Take Wright’s definition of function:
The function of X is Z means that (a) X is there because it does Z. (b) Z is a consequence (or result) of X’s being there. (Wright 1973, p.161)
Boorse, Godfrey-Smith and Millikan among others note that ‘the problem here is with the broad range of “X” and “Z” [which are the variables in Wright Functions]’ (Godfrey-Smith in Allen et al. 1998, p. 455). Without any biological criteria (or in fact any other type of criteria), there is no way to determine what are the relevant entities that need to be explained functionally and what functional explanations are not trivial. Millikan, for example, wishes to use biology insofar as it constrains the domain of application of functional inquiry in a meaningful way. By doing so, we eliminate a priori many trivial cases of hypothetical teleology.
As previously noted, SE functions (and the explanation they provide) are not rejected by Amundson and Lauder.

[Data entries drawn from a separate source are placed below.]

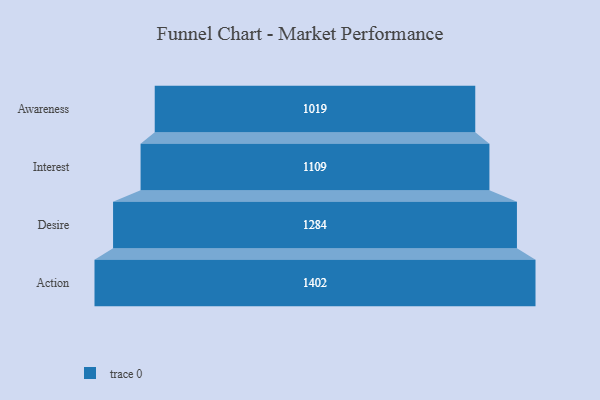
{"axis": {"x": "Stage", "y": "Value"}, "legend": [""], "data": [{"x": "Awareness", "y": 1019.0, "type": ""}, {"x": "Interest", "y": 1109.0, "type": ""}, {"x": "Desire", "y": 1284.0, "type": ""}, {"x": "Action", "y": 1402.0, "type": ""}]}
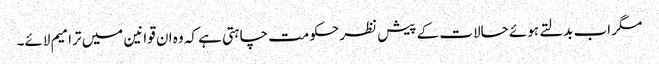
مگر اب بدلتے ہوئے حالات کے پیش نظر حکومت چاہتی ہے کہ وہ ان قوانین میں ترامیم لائے۔
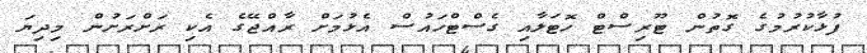
ފުޅާކުރުމުގެ ގޮތުން ޓޫރިސްޓް ހޮޓަލާއި ގެސްޓްހައުސް އެޅުމަށް ރާއްޖޭގެ އެކި ރަށްރަށުން މިދިޔަ
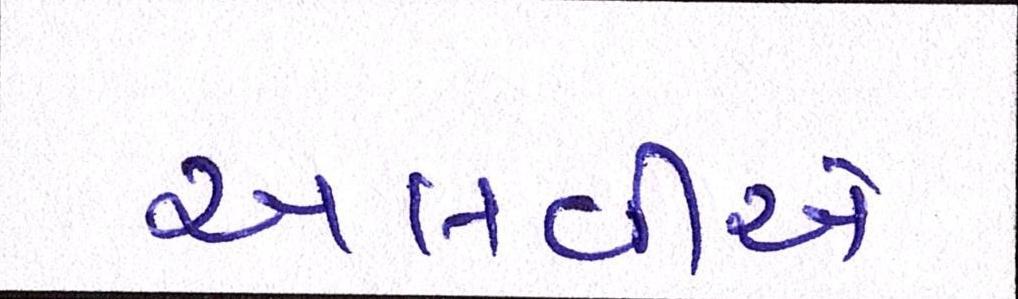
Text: અલવીએ

Rather, they argue for the importance of physiology and functional anatomy and the nonhistorical functional explanations they provide and their significant role in evolutionary explanations. For SE functions, one needs a past history of selection to identify the process and its ‘real’ function. As Amundson and Lauder point out, a purely engineering view is sometimes necessary when history is not available. But is that merely an epistemic point? The fact that our study of the fossil record, because of its relative poor quality, leads to nonhistorical description may say more about our access to evidence than about functional explanations per se.
In other words, a genuine worry is that functional pluralism might only be a temporary state of affairs: given more information about the living world, we could eliminate the instrumental use of nonhistorical causal functions and revert to historical functions simpliciter. Basically CR functions could be seen as instrumentally necessary for now, but ultimately disposable in favour of the ‘real’ SE functions.
I will now offer some hope that this worry is overstated: at least in some biological cases, the use of some sort of nonhistorical functions is not merely instrumental and does not merely depend on our epistemic constraints.
I wish now to examine an evolutionary case where there is no past history.
The problem of past versus future history is the core of the problem here.
As Bigelow and Pargetter (1987 reprinted in Allen et al. 1998) point out, SE functions are purely backward-looking descriptions. A given trait has a specific function if that function contributed in the past to the persistence of that trait. But as they point out, some sort of forward-looking accounts play a large role in conventional accounts of fitness. At their core, propensity accounts of fitness are causal accounts. The probability of an organism to have a certain number of offspring is grounded on the physical, biological and behavioural features of the organism and how it interacts, causally interacts that is, with its environment. But propensity accounts are interested in probable offspring contribution, not actual offspring contribution. In the same way that propensities allow fitness to avoid the tautology problem, Biggelow and Pargeter argue that a propensity account of functions gives the explanatory force of functional explanations.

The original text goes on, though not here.